I think turning a blind eye to updates is going to be my play (I can’t believe I am saying this). The biggest risk I see is with DHCP & DNS. Every user on the LAN interacts with it, and it is deployed dangerously in pfsense. The web login is on a small VLAN that should only have a few devices. All told, as long as the LAN devices are reasonably safe and there isn’t a remote code vulnerability with those must have services then this threat surface should be small. I do have to think about the access their stuff has to my network. I host their unifi controller and allow them access to my jellyfin & searx servers. As time goes by I should probably close those off. Unifi communication can be turned off for months at a time if need be.

Anyway, thanks for you help.

If the client doesn’t have a public IP reservation, you can also set up dynamic DNS using something like afraid.org which gives you a free option. Once you’ve got your dynamic DNS entry set up and verified, you won’t have to worry about the IP changing.

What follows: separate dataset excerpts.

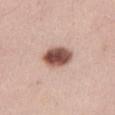biopsy_status: not biopsied; imaged during a skin examination
lighting: white-light
automated_metrics:
  border_irregularity_0_10: 2.0
  color_variation_0_10: 6.0
  lesion_detection_confidence_0_100: 100
patient:
  sex: female
  age_approx: 35
lesion_size:
  long_diameter_mm_approx: 4.0
site: right thigh
image:
  source: total-body photography crop
  field_of_view_mm: 15
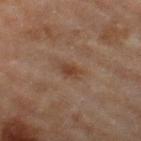{"biopsy_status": "not biopsied; imaged during a skin examination", "image": {"source": "total-body photography crop", "field_of_view_mm": 15}, "patient": {"sex": "female", "age_approx": 60}, "lighting": "cross-polarized", "site": "left thigh", "lesion_size": {"long_diameter_mm_approx": 3.0}, "automated_metrics": {"cielab_L": 37, "cielab_a": 17, "cielab_b": 26, "vs_skin_contrast_norm": 7.0}}
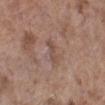No biopsy was performed on this lesion — it was imaged during a full skin examination and was not determined to be concerning.
The lesion is located on the left lower leg.
An algorithmic analysis of the crop reported a border-irregularity rating of about 3/10.
A female patient, approximately 85 years of age or older.
About 3 mm across.
Imaged with white-light lighting.
A roughly 15 mm field-of-view crop from a total-body skin photograph.
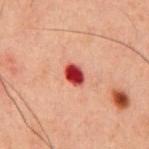Captured during whole-body skin photography for melanoma surveillance; the lesion was not biopsied.
The lesion-visualizer software estimated an area of roughly 5 mm², an outline eccentricity of about 0.7 (0 = round, 1 = elongated), and two-axis asymmetry of about 0.15. The software also gave a nevus-likeness score of about 0/100.
Approximately 2.5 mm at its widest.
On the front of the torso.
A male subject roughly 60 years of age.
A roughly 15 mm field-of-view crop from a total-body skin photograph.
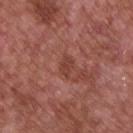Impression: The lesion was photographed on a routine skin check and not biopsied; there is no pathology result. Background: About 2.5 mm across. The patient is a male roughly 65 years of age. The tile uses white-light illumination. The lesion-visualizer software estimated a footprint of about 3.5 mm², a shape eccentricity near 0.8, and a shape-asymmetry score of about 0.4 (0 = symmetric). The analysis additionally found an average lesion color of about L≈42 a*≈26 b*≈27 (CIELAB), about 7 CIELAB-L* units darker than the surrounding skin, and a normalized border contrast of about 6. It also reported a border-irregularity index near 3.5/10 and a within-lesion color-variation index near 2/10. A roughly 15 mm field-of-view crop from a total-body skin photograph. The lesion is on the chest.
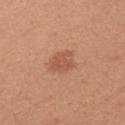The lesion was tiled from a total-body skin photograph and was not biopsied. The lesion is on the left upper arm. A female patient, approximately 20 years of age. The tile uses white-light illumination. A region of skin cropped from a whole-body photographic capture, roughly 15 mm wide. Longest diameter approximately 3.5 mm. Automated image analysis of the tile measured a border-irregularity index near 2.5/10. The software also gave an automated nevus-likeness rating near 45 out of 100 and a lesion-detection confidence of about 100/100.
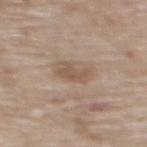<lesion>
<biopsy_status>not biopsied; imaged during a skin examination</biopsy_status>
<lesion_size>
  <long_diameter_mm_approx>3.0</long_diameter_mm_approx>
</lesion_size>
<automated_metrics>
  <shape_asymmetry>0.4</shape_asymmetry>
  <cielab_L>54</cielab_L>
  <cielab_a>15</cielab_a>
  <cielab_b>27</cielab_b>
  <vs_skin_darker_L>8.0</vs_skin_darker_L>
  <border_irregularity_0_10>4.0</border_irregularity_0_10>
  <color_variation_0_10>1.0</color_variation_0_10>
  <peripheral_color_asymmetry>0.5</peripheral_color_asymmetry>
  <nevus_likeness_0_100>0</nevus_likeness_0_100>
</automated_metrics>
<site>upper back</site>
<patient>
  <sex>female</sex>
  <age_approx>75</age_approx>
</patient>
<image>
  <source>total-body photography crop</source>
  <field_of_view_mm>15</field_of_view_mm>
</image>
<lighting>white-light</lighting>
</lesion>
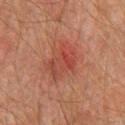Impression:
Part of a total-body skin-imaging series; this lesion was reviewed on a skin check and was not flagged for biopsy.
Clinical summary:
The recorded lesion diameter is about 4.5 mm. A 15 mm close-up tile from a total-body photography series done for melanoma screening. This is a cross-polarized tile. Automated tile analysis of the lesion measured border irregularity of about 4.5 on a 0–10 scale, a color-variation rating of about 6/10, and radial color variation of about 2. A male patient aged 73–77. The lesion is on the chest.
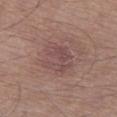Clinical impression:
Imaged during a routine full-body skin examination; the lesion was not biopsied and no histopathology is available.
Clinical summary:
The lesion is located on the left thigh. Cropped from a whole-body photographic skin survey; the tile spans about 15 mm. A male subject approximately 55 years of age. This is a white-light tile.
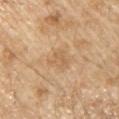biopsy status: total-body-photography surveillance lesion; no biopsy | patient: male, aged around 70 | size: ≈2.5 mm | image source: 15 mm crop, total-body photography | illumination: white-light illumination | TBP lesion metrics: a mean CIELAB color near L≈62 a*≈17 b*≈37, about 6 CIELAB-L* units darker than the surrounding skin, and a lesion-to-skin contrast of about 4.5 (normalized; higher = more distinct); border irregularity of about 4 on a 0–10 scale; an automated nevus-likeness rating near 0 out of 100 and lesion-presence confidence of about 100/100 | location: the left upper arm.
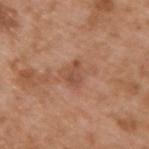{"patient": {"sex": "male", "age_approx": 65}, "lesion_size": {"long_diameter_mm_approx": 3.0}, "site": "upper back", "automated_metrics": {"area_mm2_approx": 3.5, "eccentricity": 0.75, "shape_asymmetry": 0.35, "color_variation_0_10": 2.0, "peripheral_color_asymmetry": 0.5}, "lighting": "white-light", "image": {"source": "total-body photography crop", "field_of_view_mm": 15}}
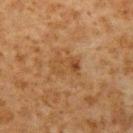Captured during whole-body skin photography for melanoma surveillance; the lesion was not biopsied. A close-up tile cropped from a whole-body skin photograph, about 15 mm across. A male patient in their 60s. From the arm. About 3 mm across. Imaged with cross-polarized lighting. The total-body-photography lesion software estimated a lesion color around L≈40 a*≈18 b*≈33 in CIELAB, a lesion–skin lightness drop of about 6, and a lesion-to-skin contrast of about 5.5 (normalized; higher = more distinct). The analysis additionally found border irregularity of about 3.5 on a 0–10 scale and peripheral color asymmetry of about 2.5. It also reported an automated nevus-likeness rating near 0 out of 100 and lesion-presence confidence of about 100/100.
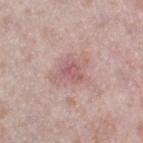biopsy status=catalogued during a skin exam; not biopsied
patient=female, in their 40s
tile lighting=white-light illumination
size=about 4 mm
image source=~15 mm tile from a whole-body skin photo
body site=the left thigh
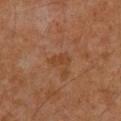Q: Was a biopsy performed?
A: imaged on a skin check; not biopsied
Q: What kind of image is this?
A: 15 mm crop, total-body photography
Q: How was the tile lit?
A: cross-polarized illumination
Q: What is the anatomic site?
A: the mid back
Q: What are the patient's age and sex?
A: male, in their 60s
Q: Lesion size?
A: about 3 mm
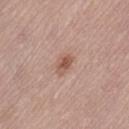Case summary:
– workup: total-body-photography surveillance lesion; no biopsy
– lesion size: ~3 mm (longest diameter)
– image-analysis metrics: a lesion area of about 4.5 mm², an eccentricity of roughly 0.8, and a shape-asymmetry score of about 0.2 (0 = symmetric); a border-irregularity rating of about 2/10 and peripheral color asymmetry of about 1; an automated nevus-likeness rating near 70 out of 100
– subject: female, aged 48–52
– image source: 15 mm crop, total-body photography
– lighting: white-light illumination
– anatomic site: the lower back
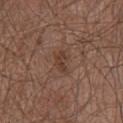<record>
  <biopsy_status>not biopsied; imaged during a skin examination</biopsy_status>
  <patient>
    <sex>male</sex>
    <age_approx>65</age_approx>
  </patient>
  <image>
    <source>total-body photography crop</source>
    <field_of_view_mm>15</field_of_view_mm>
  </image>
  <lighting>white-light</lighting>
  <lesion_size>
    <long_diameter_mm_approx>3.0</long_diameter_mm_approx>
  </lesion_size>
  <site>chest</site>
</record>
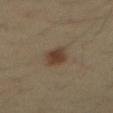Notes:
- workup: imaged on a skin check; not biopsied
- acquisition: total-body-photography crop, ~15 mm field of view
- site: the abdomen
- lighting: cross-polarized illumination
- lesion diameter: ≈3.5 mm
- patient: male, aged 33 to 37
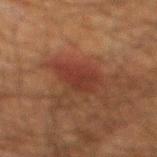On the mid back. A male subject about 60 years old. Cropped from a whole-body photographic skin survey; the tile spans about 15 mm.
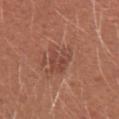Part of a total-body skin-imaging series; this lesion was reviewed on a skin check and was not flagged for biopsy. The lesion's longest dimension is about 4 mm. A female patient in their mid- to late 20s. A roughly 15 mm field-of-view crop from a total-body skin photograph. Located on the right upper arm.
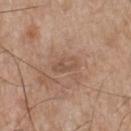This lesion was catalogued during total-body skin photography and was not selected for biopsy. Captured under white-light illumination. A 15 mm close-up tile from a total-body photography series done for melanoma screening. From the chest. Approximately 3.5 mm at its widest. A male subject in their mid- to late 60s.
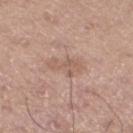Clinical impression:
No biopsy was performed on this lesion — it was imaged during a full skin examination and was not determined to be concerning.
Background:
This is a white-light tile. A male patient approximately 65 years of age. On the left lower leg. The recorded lesion diameter is about 3.5 mm. A close-up tile cropped from a whole-body skin photograph, about 15 mm across. Automated image analysis of the tile measured a nevus-likeness score of about 0/100.
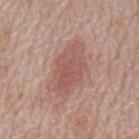Impression:
The lesion was tiled from a total-body skin photograph and was not biopsied.
Clinical summary:
The lesion's longest dimension is about 6.5 mm. On the mid back. Imaged with white-light lighting. A 15 mm crop from a total-body photograph taken for skin-cancer surveillance. The lesion-visualizer software estimated a shape eccentricity near 0.85 and a symmetry-axis asymmetry near 0.2. The software also gave a mean CIELAB color near L≈54 a*≈23 b*≈24, about 9 CIELAB-L* units darker than the surrounding skin, and a normalized lesion–skin contrast near 6.5. It also reported a peripheral color-asymmetry measure near 1. The analysis additionally found an automated nevus-likeness rating near 40 out of 100 and a lesion-detection confidence of about 100/100. A male subject, about 70 years old.

That can work too. But I am concerned about the box not coming back up. That being, not coming back up at all or in some impaired state where it doesn’t launch said service.

There is always a small chance you need to be physically at the device. Which goes for anything. I should have used a setup that is a little more “appliance like”. Or better yet not taken on this in the first place.